:: Data to process
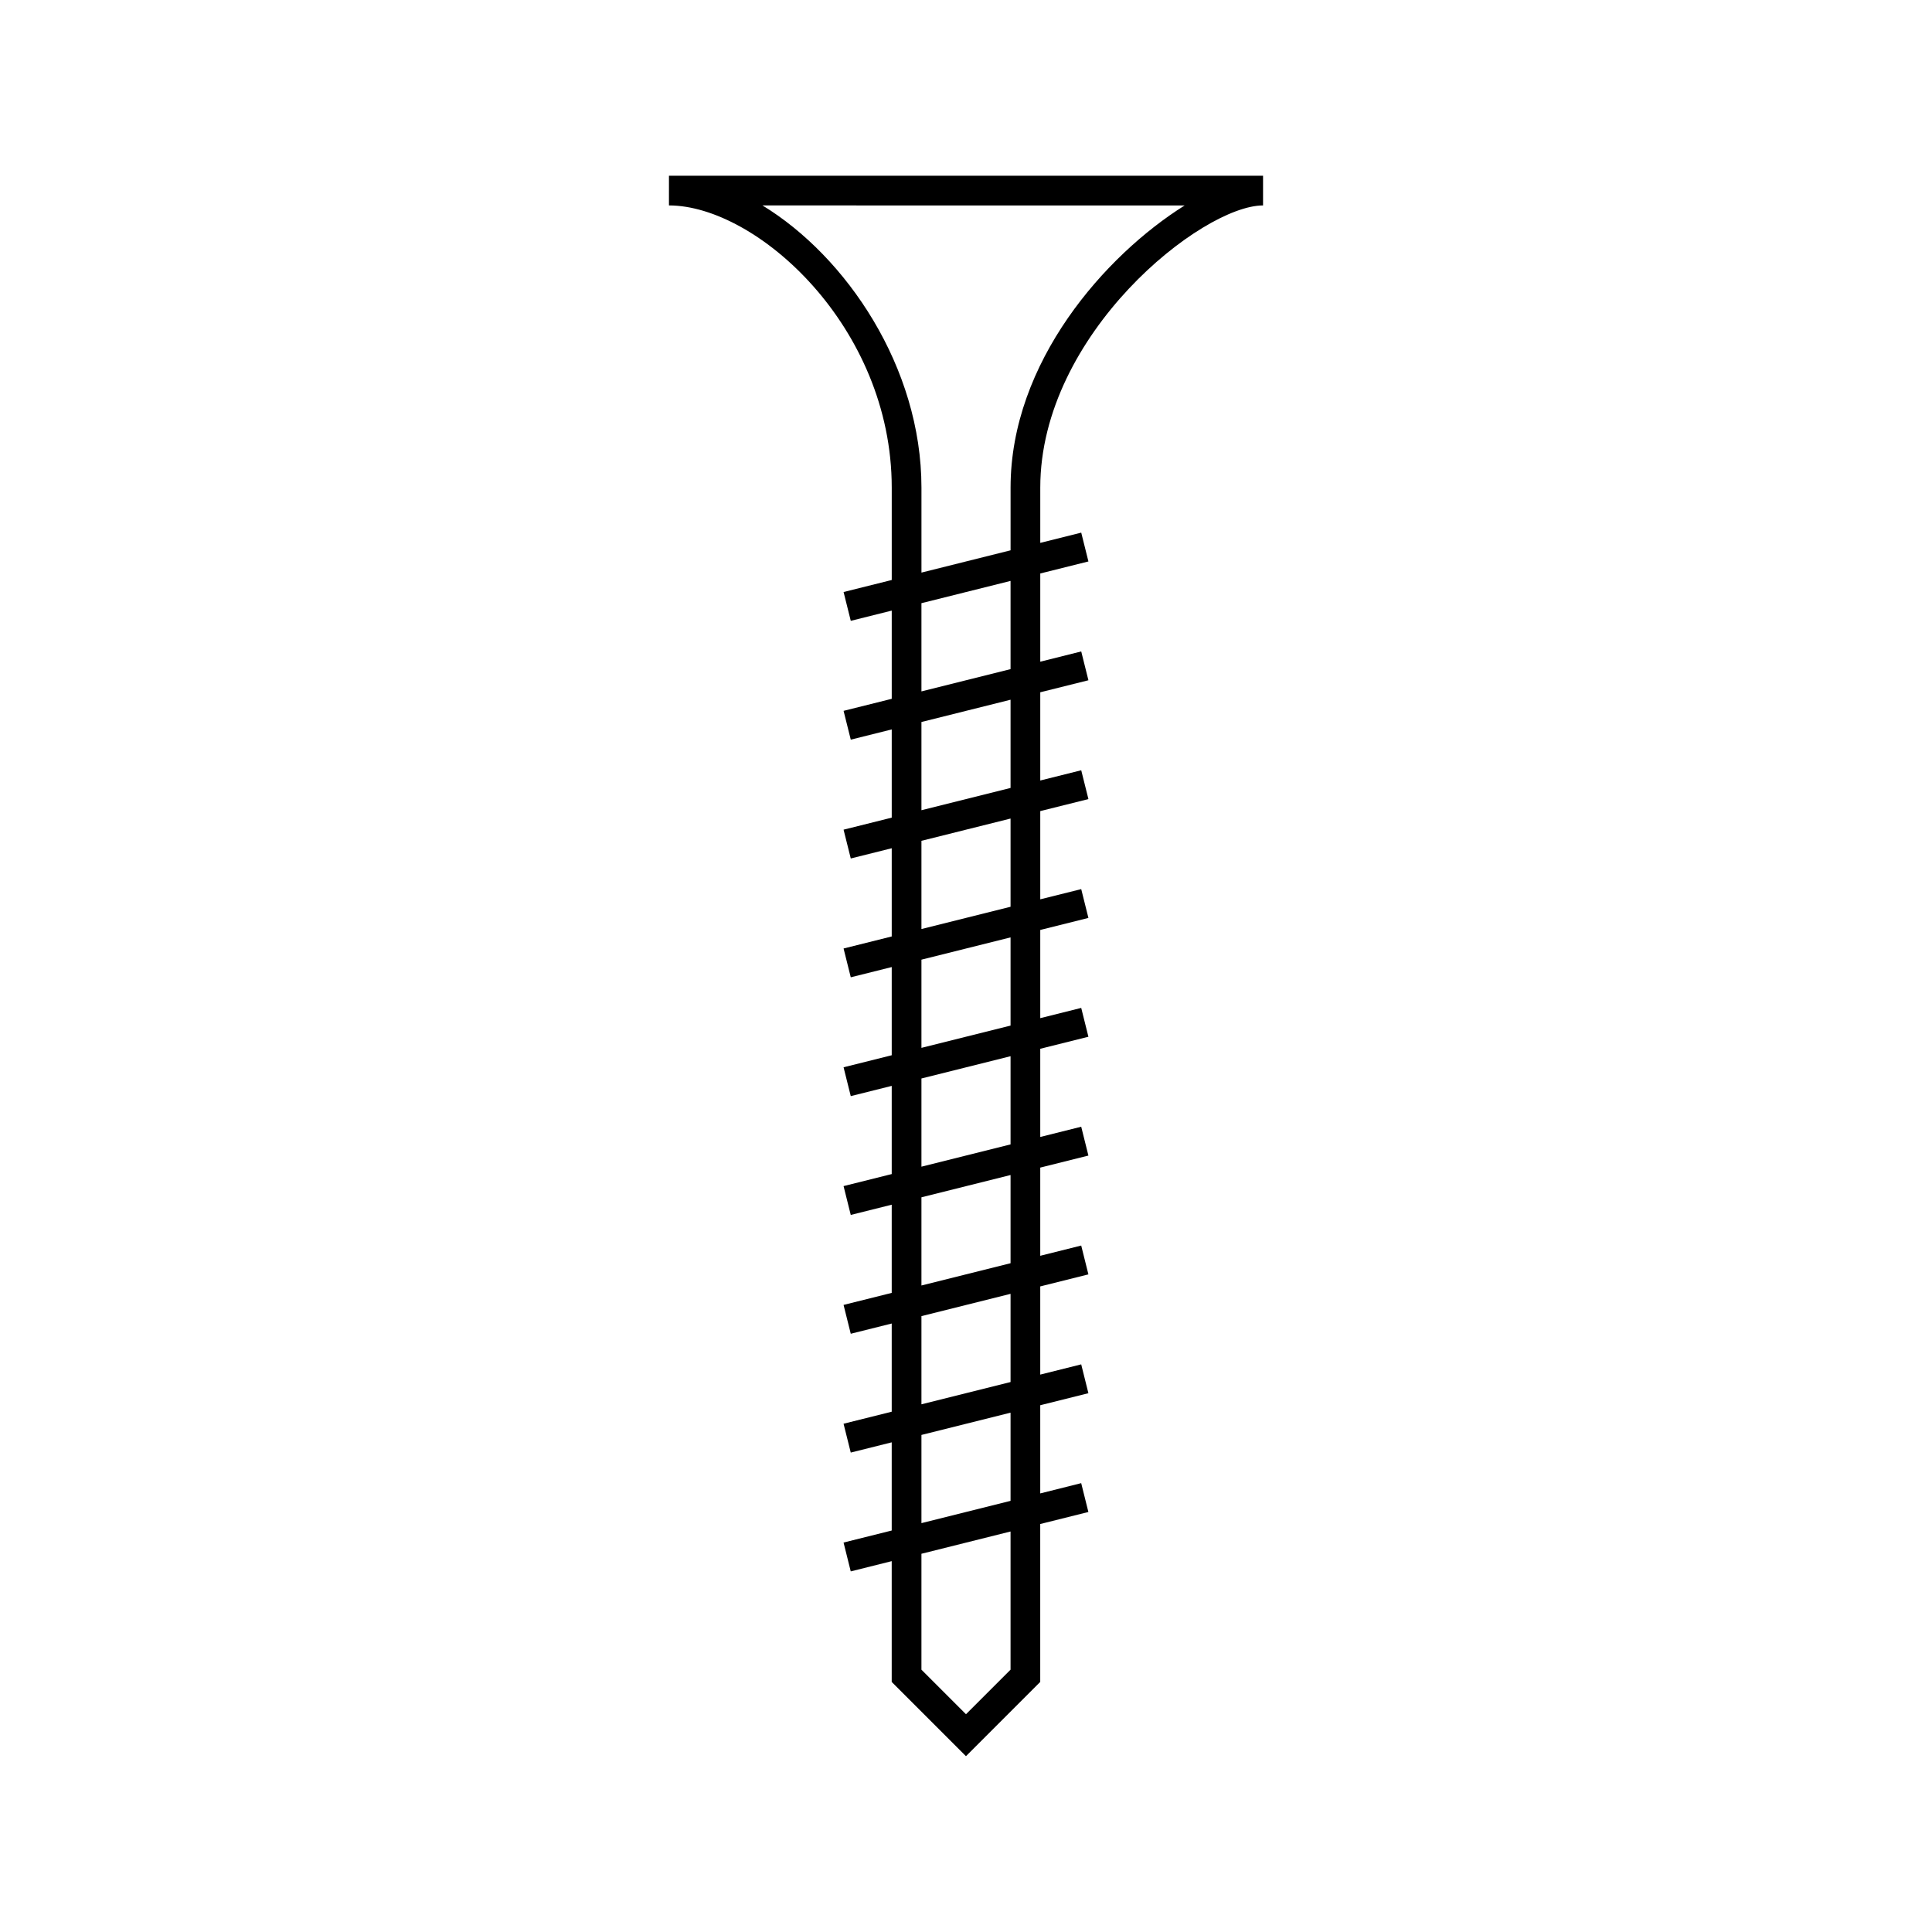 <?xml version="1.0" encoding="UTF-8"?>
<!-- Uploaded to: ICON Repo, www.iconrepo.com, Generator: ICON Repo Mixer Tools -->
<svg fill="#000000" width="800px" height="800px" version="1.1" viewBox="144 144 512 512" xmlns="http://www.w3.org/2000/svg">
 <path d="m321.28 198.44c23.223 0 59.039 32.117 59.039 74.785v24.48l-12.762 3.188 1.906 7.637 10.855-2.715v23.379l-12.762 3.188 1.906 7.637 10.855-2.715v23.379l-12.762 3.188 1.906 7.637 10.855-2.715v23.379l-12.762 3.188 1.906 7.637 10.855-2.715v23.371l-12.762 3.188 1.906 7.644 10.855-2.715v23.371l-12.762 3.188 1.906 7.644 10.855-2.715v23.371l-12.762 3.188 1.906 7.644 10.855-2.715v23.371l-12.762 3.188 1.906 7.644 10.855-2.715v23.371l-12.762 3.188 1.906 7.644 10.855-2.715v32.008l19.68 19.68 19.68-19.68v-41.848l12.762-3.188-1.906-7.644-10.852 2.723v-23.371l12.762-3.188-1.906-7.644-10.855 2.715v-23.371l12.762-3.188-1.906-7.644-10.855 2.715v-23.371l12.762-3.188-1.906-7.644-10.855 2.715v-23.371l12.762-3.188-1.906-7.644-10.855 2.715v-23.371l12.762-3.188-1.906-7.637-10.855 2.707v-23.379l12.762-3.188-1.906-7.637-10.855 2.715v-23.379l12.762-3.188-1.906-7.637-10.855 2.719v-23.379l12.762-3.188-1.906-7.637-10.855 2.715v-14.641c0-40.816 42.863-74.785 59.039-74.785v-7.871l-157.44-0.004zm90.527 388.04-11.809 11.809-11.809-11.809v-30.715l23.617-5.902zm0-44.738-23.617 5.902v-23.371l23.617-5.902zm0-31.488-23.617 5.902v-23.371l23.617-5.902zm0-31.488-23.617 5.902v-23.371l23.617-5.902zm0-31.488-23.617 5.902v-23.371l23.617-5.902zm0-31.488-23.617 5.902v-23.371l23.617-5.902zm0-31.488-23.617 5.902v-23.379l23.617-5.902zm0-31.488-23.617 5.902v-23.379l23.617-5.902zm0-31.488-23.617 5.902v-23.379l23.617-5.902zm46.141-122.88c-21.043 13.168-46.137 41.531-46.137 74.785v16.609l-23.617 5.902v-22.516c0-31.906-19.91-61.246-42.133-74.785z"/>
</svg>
::::
Task to carry out:
Please retype the records above exactly, leaving every image out.

Problem solution:
 <?xml version="1.0" encoding="UTF-8"?>
<!-- Uploaded to: ICON Repo, www.iconrepo.com, Generator: ICON Repo Mixer Tools -->
<svg fill="#000000" width="800px" height="800px" version="1.1" viewBox="144 144 512 512" xmlns="http://www.w3.org/2000/svg">
 <path d="m321.28 198.44c23.223 0 59.039 32.117 59.039 74.785v24.48l-12.762 3.188 1.906 7.637 10.855-2.715v23.379l-12.762 3.188 1.906 7.637 10.855-2.715v23.379l-12.762 3.188 1.906 7.637 10.855-2.715v23.379l-12.762 3.188 1.906 7.637 10.855-2.715v23.371l-12.762 3.188 1.906 7.644 10.855-2.715v23.371l-12.762 3.188 1.906 7.644 10.855-2.715v23.371l-12.762 3.188 1.906 7.644 10.855-2.715v23.371l-12.762 3.188 1.906 7.644 10.855-2.715v23.371l-12.762 3.188 1.906 7.644 10.855-2.715v32.008l19.68 19.68 19.68-19.68v-41.848l12.762-3.188-1.906-7.644-10.852 2.723v-23.371l12.762-3.188-1.906-7.644-10.855 2.715v-23.371l12.762-3.188-1.906-7.644-10.855 2.715v-23.371l12.762-3.188-1.906-7.644-10.855 2.715v-23.371l12.762-3.188-1.906-7.644-10.855 2.715v-23.371l12.762-3.188-1.906-7.637-10.855 2.707v-23.379l12.762-3.188-1.906-7.637-10.855 2.715v-23.379l12.762-3.188-1.906-7.637-10.855 2.719v-23.379l12.762-3.188-1.906-7.637-10.855 2.715v-14.641c0-40.816 42.863-74.785 59.039-74.785v-7.871l-157.44-0.004zm90.527 388.04-11.809 11.809-11.809-11.809v-30.715l23.617-5.902zm0-44.738-23.617 5.902v-23.371l23.617-5.902zm0-31.488-23.617 5.902v-23.371l23.617-5.902zm0-31.488-23.617 5.902v-23.371l23.617-5.902zm0-31.488-23.617 5.902v-23.371l23.617-5.902zm0-31.488-23.617 5.902v-23.371l23.617-5.902zm0-31.488-23.617 5.902v-23.379l23.617-5.902zm0-31.488-23.617 5.902v-23.379l23.617-5.902zm0-31.488-23.617 5.902v-23.379l23.617-5.902zm46.141-122.88c-21.043 13.168-46.137 41.531-46.137 74.785v16.609l-23.617 5.902v-22.516c0-31.906-19.91-61.246-42.133-74.785z"/>
</svg>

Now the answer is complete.